Dylan Dietrich
- Country (sports): Switzerland
- Born: 22 September 2004 (age 21) Zurich, Switzerland
- Height: 1.93 m (6 ft 4 in)
- Plays: Right-handed (two-handed backhand)
- College: Virginia
- Prize money: US $50,539

Singles
- Career record: 0–1 (at ATP Tour level, Grand Slam level, and in Davis Cup)
- Career titles: 1 ITF
- Highest ranking: No. 407 (24 August 2026)
- Current ranking: No. 409 (21 September 2026)

Doubles
- Career record: 1–1 (at ATP Tour level, Grand Slam level, and in Davis Cup)
- Career titles: 1 ITF
- Highest ranking: No. 878 (21 September 2026)
- Current ranking: No. 878 (21 September 2026)

= Dylan Dietrich =

Swiss tennis player (born 2004)

Dylan Dietrich (born 22 September 2004) is a Swiss tennis player.
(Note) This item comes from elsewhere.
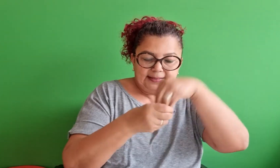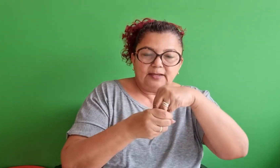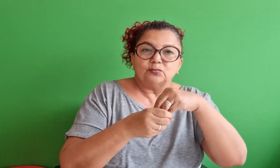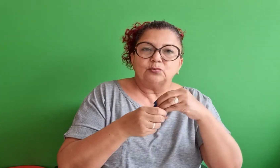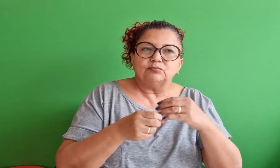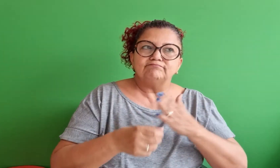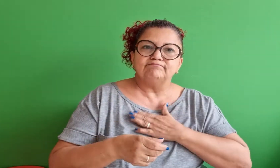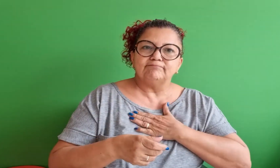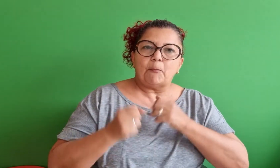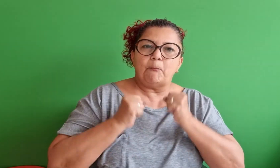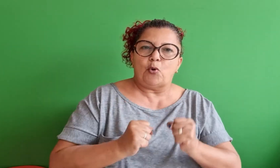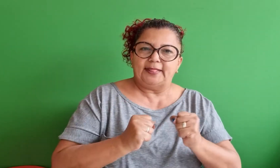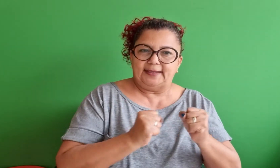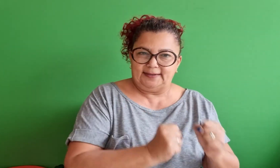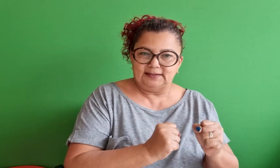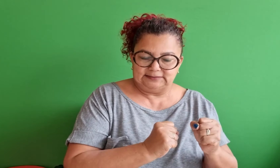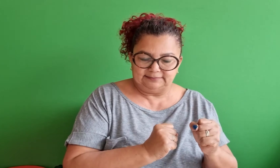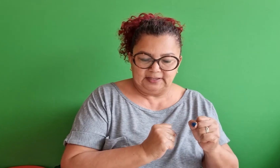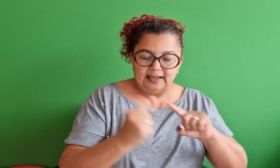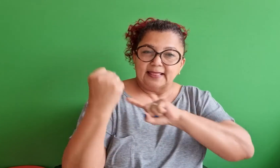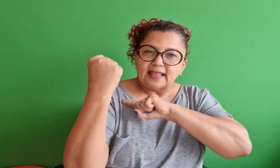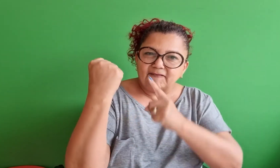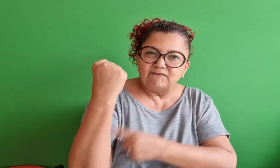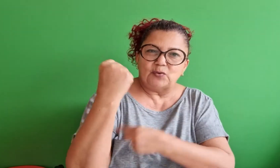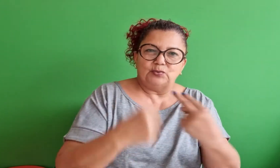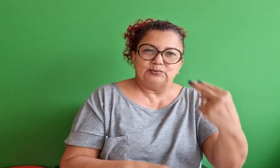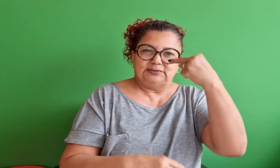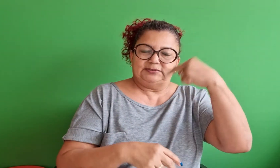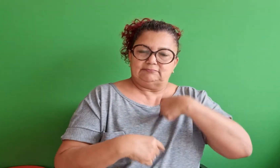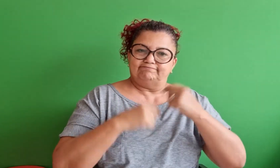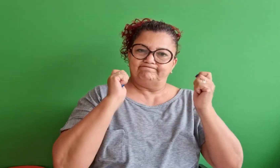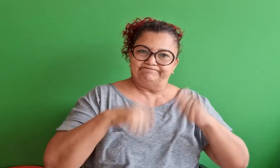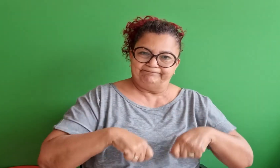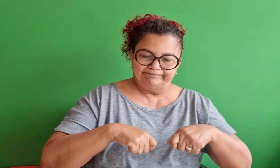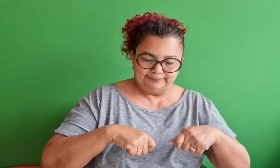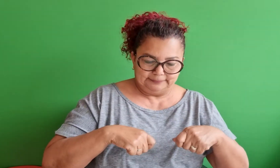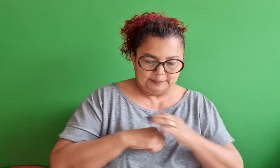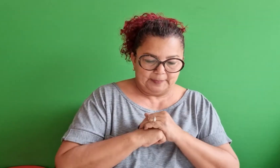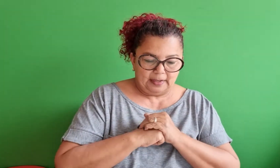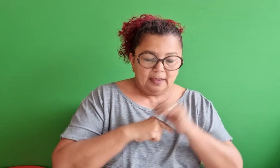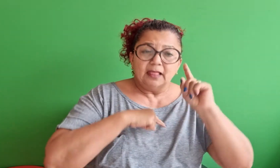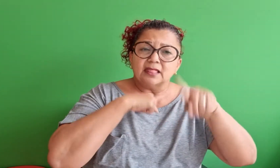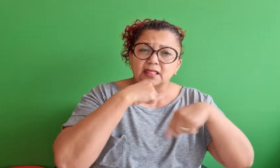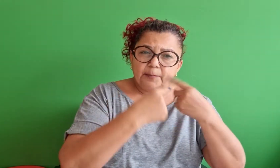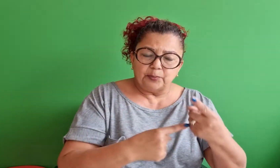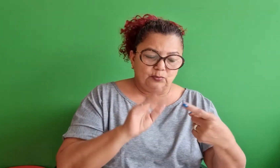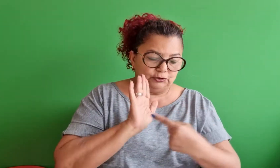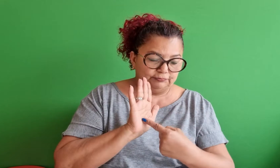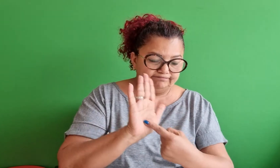potência, como capacidade de realizar, a qualidade de poder, de força

Dietrich has a career high ATP singles ranking of No. 407 achieved on 24 August 2026 and a career high ATP doubles ranking of No. 878 achieved on 21 September 2026.

Dietrich made his ATP main draw debut at the 2026 Swiss Open Gstaad after he qualified for the main draw.

Dietrich plays college tennis at Virginia.